◆ **PROBLEM DETAILS**
With the line containing "An aerial image." as the start and the line containing "Nodule present: no" as the end, transcribe that span of the entries below exactly, including both.

*** PROVIDED DATA ***

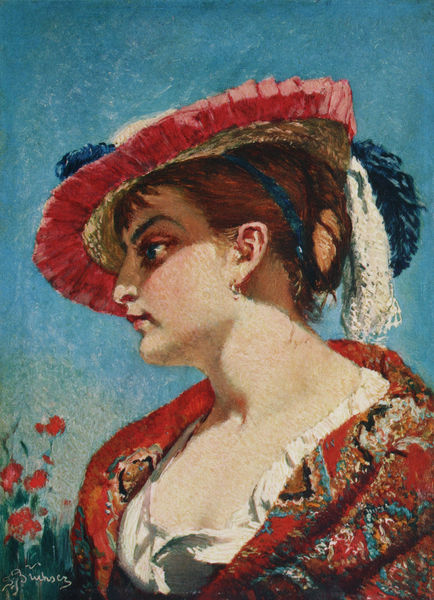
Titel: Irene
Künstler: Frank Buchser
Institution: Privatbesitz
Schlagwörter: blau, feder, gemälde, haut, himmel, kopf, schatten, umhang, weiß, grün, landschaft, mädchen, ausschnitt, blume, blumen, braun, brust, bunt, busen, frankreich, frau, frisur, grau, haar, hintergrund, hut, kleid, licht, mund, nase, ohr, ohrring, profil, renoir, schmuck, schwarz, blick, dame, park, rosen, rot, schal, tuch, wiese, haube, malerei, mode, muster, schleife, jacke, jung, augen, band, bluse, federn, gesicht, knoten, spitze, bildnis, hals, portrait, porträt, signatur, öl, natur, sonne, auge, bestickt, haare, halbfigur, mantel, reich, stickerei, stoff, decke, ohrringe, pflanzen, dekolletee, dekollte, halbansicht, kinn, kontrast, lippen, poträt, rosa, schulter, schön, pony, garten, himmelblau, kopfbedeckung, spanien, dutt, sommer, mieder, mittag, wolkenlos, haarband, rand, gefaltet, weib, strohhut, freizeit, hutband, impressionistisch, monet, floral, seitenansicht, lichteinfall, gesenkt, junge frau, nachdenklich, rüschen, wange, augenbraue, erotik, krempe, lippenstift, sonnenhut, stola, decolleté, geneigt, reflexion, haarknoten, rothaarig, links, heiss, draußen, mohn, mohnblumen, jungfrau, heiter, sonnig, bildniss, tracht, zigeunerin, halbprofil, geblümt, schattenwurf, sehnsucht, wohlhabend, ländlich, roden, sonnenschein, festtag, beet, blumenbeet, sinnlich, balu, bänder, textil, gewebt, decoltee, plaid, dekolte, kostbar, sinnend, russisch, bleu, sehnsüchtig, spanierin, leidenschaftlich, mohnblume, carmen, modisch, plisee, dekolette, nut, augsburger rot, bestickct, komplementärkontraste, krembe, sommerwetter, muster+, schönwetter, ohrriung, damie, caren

***
*** PROVIDED DATA ***

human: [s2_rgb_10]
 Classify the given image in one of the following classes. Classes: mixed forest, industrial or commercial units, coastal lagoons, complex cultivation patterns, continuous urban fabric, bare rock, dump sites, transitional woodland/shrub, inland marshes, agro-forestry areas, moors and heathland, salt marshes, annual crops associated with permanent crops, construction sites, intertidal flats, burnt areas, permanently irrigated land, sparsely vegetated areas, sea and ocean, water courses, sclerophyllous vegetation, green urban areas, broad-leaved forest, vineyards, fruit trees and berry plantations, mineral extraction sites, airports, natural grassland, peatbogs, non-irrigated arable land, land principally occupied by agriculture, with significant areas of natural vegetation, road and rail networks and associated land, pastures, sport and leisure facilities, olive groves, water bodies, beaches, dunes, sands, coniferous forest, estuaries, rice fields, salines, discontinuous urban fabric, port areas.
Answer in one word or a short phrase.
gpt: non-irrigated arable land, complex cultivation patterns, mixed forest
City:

***
*** PROVIDED DATA ***

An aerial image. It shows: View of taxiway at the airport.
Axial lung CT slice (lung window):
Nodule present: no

***

◆ **WRITTEN RESPONSE**
An aerial image. It shows: View of taxiway at the airport.
Axial lung CT slice (lung window):
Nodule present: no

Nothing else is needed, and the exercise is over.